Y los pájaros pergoleros, qué decir de ellos. Son la hostia.

Y qué tendrá que ver Martina, con Jorge y con los pájaros pergoleros de Nueva Guinea, te estarás preguntando. Podría hablarte metafóricamente y decirte que sus caminos discurren paralelos bla, bla. Pues no. Lo que pasa es que Jorge es biólogo y estudió en la Complutense y Martina es su compañera de universidad y son amigos inseparables desde primero. Los dos hicieron la especialidad de Ornitología y ambos están haciendo la tesis en el departamento de Etología o comportamiento animal, para los no entendidos.
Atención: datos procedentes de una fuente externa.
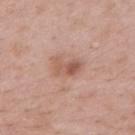This lesion was catalogued during total-body skin photography and was not selected for biopsy.
A 15 mm close-up tile from a total-body photography series done for melanoma screening.
Located on the mid back.
About 3.5 mm across.
Captured under white-light illumination.
A male subject aged approximately 55.
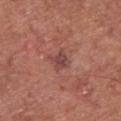* body site · the front of the torso
* image source · ~15 mm crop, total-body skin-cancer survey
* TBP lesion metrics · a shape eccentricity near 0.55; a lesion color around L≈45 a*≈24 b*≈23 in CIELAB, about 9 CIELAB-L* units darker than the surrounding skin, and a normalized border contrast of about 7; a border-irregularity index near 2/10 and a peripheral color-asymmetry measure near 0.5; lesion-presence confidence of about 100/100
* patient · male, roughly 75 years of age
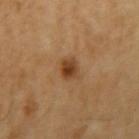Measured at roughly 2.5 mm in maximum diameter. A 15 mm close-up extracted from a 3D total-body photography capture. The subject is a male approximately 65 years of age. This is a cross-polarized tile. From the right upper arm.
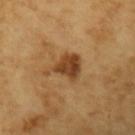The lesion was tiled from a total-body skin photograph and was not biopsied.
From the left upper arm.
A female subject roughly 70 years of age.
A close-up tile cropped from a whole-body skin photograph, about 15 mm across.
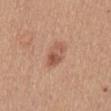workup=no biopsy performed (imaged during a skin exam); size=≈3 mm; anatomic site=the front of the torso; patient=female, aged approximately 55; image=15 mm crop, total-body photography; illumination=white-light.
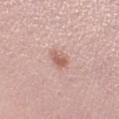follow-up — no biopsy performed (imaged during a skin exam); size — ~2.5 mm (longest diameter); anatomic site — the right lower leg; illumination — white-light; subject — female, roughly 25 years of age; imaging modality — ~15 mm crop, total-body skin-cancer survey.
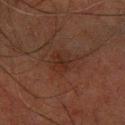Context:
Automated image analysis of the tile measured a lesion color around L≈21 a*≈16 b*≈21 in CIELAB, about 4 CIELAB-L* units darker than the surrounding skin, and a normalized lesion–skin contrast near 5.5. The software also gave a border-irregularity index near 2.5/10 and internal color variation of about 2.5 on a 0–10 scale. The analysis additionally found a classifier nevus-likeness of about 0/100 and a detector confidence of about 100 out of 100 that the crop contains a lesion. Longest diameter approximately 3 mm. A male subject, aged around 80. A 15 mm close-up extracted from a 3D total-body photography capture. Located on the left forearm. The tile uses cross-polarized illumination.
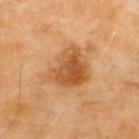{
  "biopsy_status": "not biopsied; imaged during a skin examination",
  "automated_metrics": {
    "area_mm2_approx": 16.0,
    "eccentricity": 0.55,
    "shape_asymmetry": 0.3
  },
  "site": "back",
  "image": {
    "source": "total-body photography crop",
    "field_of_view_mm": 15
  },
  "patient": {
    "sex": "male",
    "age_approx": 70
  }
}
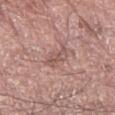| key | value |
|---|---|
| notes | total-body-photography surveillance lesion; no biopsy |
| body site | the right forearm |
| illumination | white-light |
| imaging modality | total-body-photography crop, ~15 mm field of view |
| patient | male, aged approximately 75 |
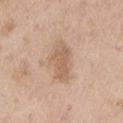Findings:
- image source · ~15 mm tile from a whole-body skin photo
- tile lighting · white-light
- anatomic site · the left upper arm
- subject · male, aged approximately 50
- automated metrics · a lesion color around L≈61 a*≈18 b*≈31 in CIELAB, about 9 CIELAB-L* units darker than the surrounding skin, and a normalized border contrast of about 6.5; an automated nevus-likeness rating near 5 out of 100 and a lesion-detection confidence of about 100/100
- size · ~5 mm (longest diameter)
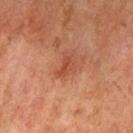The lesion was tiled from a total-body skin photograph and was not biopsied.
A female patient, approximately 60 years of age.
The lesion is on the left upper arm.
A 15 mm close-up tile from a total-body photography series done for melanoma screening.
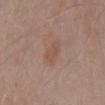Findings:
• subject: male, in their mid- to late 50s
• tile lighting: white-light
• image: 15 mm crop, total-body photography
• body site: the mid back
• lesion size: ~3.5 mm (longest diameter)

Y resulta que sus tesis tratan de la vida, obra y milagros del pájaro pergolero.

Además, y para centrar aún más el asunto, Martina y Jorge disfrutan de una beca del Ministerio que incluye una estancia en un centro de investigación del extranjero y, como estudian el pájaro pergolero, el sueño de todo predoctoral en su situación es viajar a Papúa Nueva Guinea para ver al pajarraco en su hábitat. Y así lo hacen. Van en el avión, rumbo Papúa Nueva Guinea y hacen escala en Doha. Martina enciende el móvil y tiene un mensaje de su novio que le pregunta si ya han llegado y justo en ese momento Jorge también enciende el móvil y también tiene un mensaje de su chica, preguntando algo similar y ambos contestan que sí, que todo bien, que un poco cansados pero que cuando cojan el siguiente vuelo en unas horas dormirán en el avión.
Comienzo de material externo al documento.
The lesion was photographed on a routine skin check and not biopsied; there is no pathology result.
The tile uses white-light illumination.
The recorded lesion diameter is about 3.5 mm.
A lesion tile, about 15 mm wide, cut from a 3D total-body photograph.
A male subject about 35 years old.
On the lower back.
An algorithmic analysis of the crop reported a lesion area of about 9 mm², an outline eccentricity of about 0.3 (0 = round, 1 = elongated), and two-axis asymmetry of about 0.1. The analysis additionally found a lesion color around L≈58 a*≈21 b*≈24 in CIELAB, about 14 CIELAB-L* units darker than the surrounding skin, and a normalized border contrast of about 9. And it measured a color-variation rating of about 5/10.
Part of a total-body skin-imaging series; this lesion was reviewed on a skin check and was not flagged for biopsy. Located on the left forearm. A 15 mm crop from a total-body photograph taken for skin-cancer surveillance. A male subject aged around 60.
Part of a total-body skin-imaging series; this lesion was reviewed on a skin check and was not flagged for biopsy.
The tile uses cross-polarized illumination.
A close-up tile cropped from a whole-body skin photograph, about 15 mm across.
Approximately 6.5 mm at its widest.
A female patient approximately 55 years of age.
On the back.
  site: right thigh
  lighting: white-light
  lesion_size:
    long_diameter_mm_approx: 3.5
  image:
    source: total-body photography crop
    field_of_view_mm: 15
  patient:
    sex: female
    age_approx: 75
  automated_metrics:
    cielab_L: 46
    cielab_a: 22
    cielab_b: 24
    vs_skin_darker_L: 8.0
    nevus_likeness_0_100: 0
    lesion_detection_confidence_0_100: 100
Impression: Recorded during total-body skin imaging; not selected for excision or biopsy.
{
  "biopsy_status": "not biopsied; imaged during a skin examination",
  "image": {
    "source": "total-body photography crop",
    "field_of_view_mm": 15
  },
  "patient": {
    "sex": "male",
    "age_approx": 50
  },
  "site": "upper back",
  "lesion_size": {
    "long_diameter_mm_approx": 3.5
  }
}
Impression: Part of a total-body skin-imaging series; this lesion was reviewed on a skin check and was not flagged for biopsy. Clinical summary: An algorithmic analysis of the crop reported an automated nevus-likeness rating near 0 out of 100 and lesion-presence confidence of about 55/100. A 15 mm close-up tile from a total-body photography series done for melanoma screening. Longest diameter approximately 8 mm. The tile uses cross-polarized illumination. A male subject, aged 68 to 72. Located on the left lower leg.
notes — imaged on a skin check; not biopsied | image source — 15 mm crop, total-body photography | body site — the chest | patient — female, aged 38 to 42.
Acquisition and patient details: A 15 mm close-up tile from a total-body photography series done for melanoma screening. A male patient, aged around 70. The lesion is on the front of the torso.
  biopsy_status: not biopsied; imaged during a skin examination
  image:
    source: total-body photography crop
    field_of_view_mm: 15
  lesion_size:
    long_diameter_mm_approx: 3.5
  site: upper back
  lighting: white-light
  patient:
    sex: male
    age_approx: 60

Después cogen el avión y, efectivamente, duermen. Pero también hablan, hablan mucho. Y ven el final de una serie que llevaban viendo semanas y que habían quedado para ver el final en el viaje. Y se ríen cuando se acuerdan de la salida de campo de Edafología de tercero que les diluvió y que el profesor no dejaba de dictar apuntes. Y ven una y otra vez los vídeos de las cámaras instaladas en el bosque de Papúa y que mañana verán en persona. El equipo del profesor Wang con el que colaboran se ha encargado de ponerlas y de avisarles cuando fuera a comenzar la época del cortejo. Y ya están allí. Nerviosos, felices. Por fin va a conocer a “Pedrito” como han llamado a su pájaro pergolero, al suyo, a ese que llevan semanas observando. Ese que comenzó tímidamente colocando un palito y después otro en un claro cualquiera del bosque y que ahora mismo tiene en sus manos (¿alas?) el futuro de dos estudiantes madrileños.

Cuando llegan al centro de control en mitad del bosque se quedan impresionados. Por fuera no es más que una choza camuflada entre las ramas de los árboles. Por dentro hay más de veinte pantallas y una decena de estudiantes de todas las partes del mundo se agolpan alrededor de ellas. Su “Pedrito” ha resultado ser para otros su “Tom”, su “Mike” o su “Freddy”; y ellos… que se creían originales bautizando a su pájaro como el bueno de Pedro Picapiedra. Pero eso es lo de menos, la emoción de Martina y Jorge es una emoción compartida por otros tantos frikis de los pájaros como ellos. Y eso mola, mola mucho, porque igual que a unos les une cantar un gol, llevar una banderita o cargar con una virgen a cuestas, a Martina y a Jorge les toca la fibra estar allí. Hablar de plumajes, de fenotipos o de selección natural con cualquiera que se ponga por delante durante una semana.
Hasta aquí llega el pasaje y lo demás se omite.